With Cray-Pas, she had sketched his face and bare shoulders.

“Yes, it is you,” I said. It was quite masterfully done. “Stunning and expressive work.”

“This is shit. Her parents had spent a fortune on her education, and all she can do at the age of thirty is neek the first Arab she meets in some underground café and then ask him to sit still when he is dying to sleep so she can produce this? This?

He yanked out the sheet from under the saucer, asked Zeinab to come over here right away, and held it out for her to see. This?

Zeinab stepped out of the kitchen and was already drying her hands on her apron as she rushed toward our table. “What?”

“This,” he said.

“Let’s see.” She held the picture in front of her, made an amused click in her throat, and then, without batting an eyelash, kissed the portrait. “Tu es beau,” she rhapsodized, “ tu es vraiment beau, you are really handsome!”

“Then you keep it. You’ve already lost your mind as it is.”

“I’ll keep it and how. Do me a favor.”

“What?”

“Write today’s date on it. My hands are wet.”

Out of one of the many pockets in his jacket, he pulled out a pencil with a rubber band wrapped so tightly around its head that it had formed a ball on the eraser.

“Why do you have a rubber band on your pencil?” she asked.

“Because when I need a rubber band I’ll know where to find one. What else do you want to know?”

He held his pencil as would a ten-year-old boy, with his fingers almost touching the lead. Its stubby point showed it has been sharpened not in a regular pencil sharpener but with a blade. I recognized the uneven marks around the edge of the pencil where it was shaved. It took me right back to my childhood, when I couldn’t find my pencil sharpener in class and didn’t want my teacher to know I had lost it. You took out a penknife — all of us had penknives — and in total silence under your desk shaved the edge of the pencil until, like a new tooth pushing its way out of the hollow of your gum, the new point began to emerge. Using a knife made you feel brawny, like a sailor with a dagger whittling away at a piece of driftwood because this is how he whiled away his hours when there was nothing better to do, because real men always found something useful to do with their hands.
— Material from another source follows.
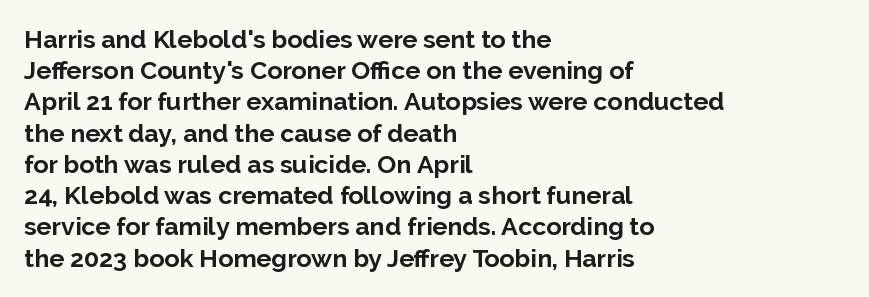
{"italic": "no", "bold": "yes", "underline": "no", "align": "left", "line_spacing": "normal", "line_spacing_ratio": 1.25, "letter_spacing": "normal", "letter_spacing_em": 0.0, "glyph_px": 25}
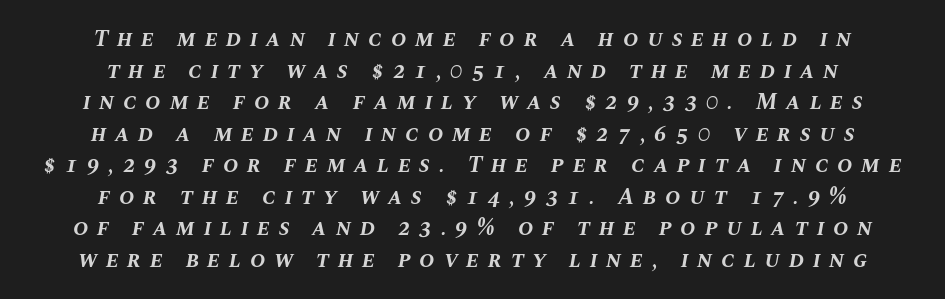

“And write neatly,” she said.

Again, like a conscientious and dutiful young pupil, he leaned forward, his face so close to the table you’d think he had eye trouble, and penciled the date.

Voilà.

“Now you two can go back to your slop,” said Zeinab.

“Exactly,” he said, and turning to me: “So tell me about la quarante-deux .”

I told him the whole story again.

Kalaj said that if she had come upstairs with me that night it was because I had done one thing right: I had lingered, just lingered, because when I was standing in front of her as she sat smoking in silence on the stoop, I had not moved, had kept very quiet, had made it very obvious that I was aching and longing for her, that all I could think of at that hour of the night was her shoulders, and that I would make her laugh and be happy, that I would take care of everything, including the two chairs.

But, as always, Kalaj immediately corrected himself. She’d probably made up her mind about me the moment she’d seen me walking toward her, or maybe even on the rooftop weeks earlier.

“Now tell me about being naked on the terrace.”

“Again?”

“Again.”

“You mean how she suddenly sat on my lap naked and I felt the hair of her vagina on my zeb and couldn’t believe I could go at it again so soon?”

Oké , stop!”

WE HAD HAD such a warm moment together that morning, that in the days and weeks afterward, I made a point of showing up at Café Algiers just as it was about to open. The place smelled of bleach and Mr. Clean, the chairs were still upturned as the floor was drying, and Zeinab was still mopping the kitchen area, all the while making sure the coffee was already brewing and Arab songs playing. When she was in good spirits, she’d put on George Brassens or, as I later found out, her favorite, Barbara, and she’d sing along to Il n’y a pas d’amour heureux and, in mock-cabaret-singer, sidle up to the man who happened to be sitting nearest to the kitchen and sing to him, and to him alone, her favorite verses of the song by Aragon.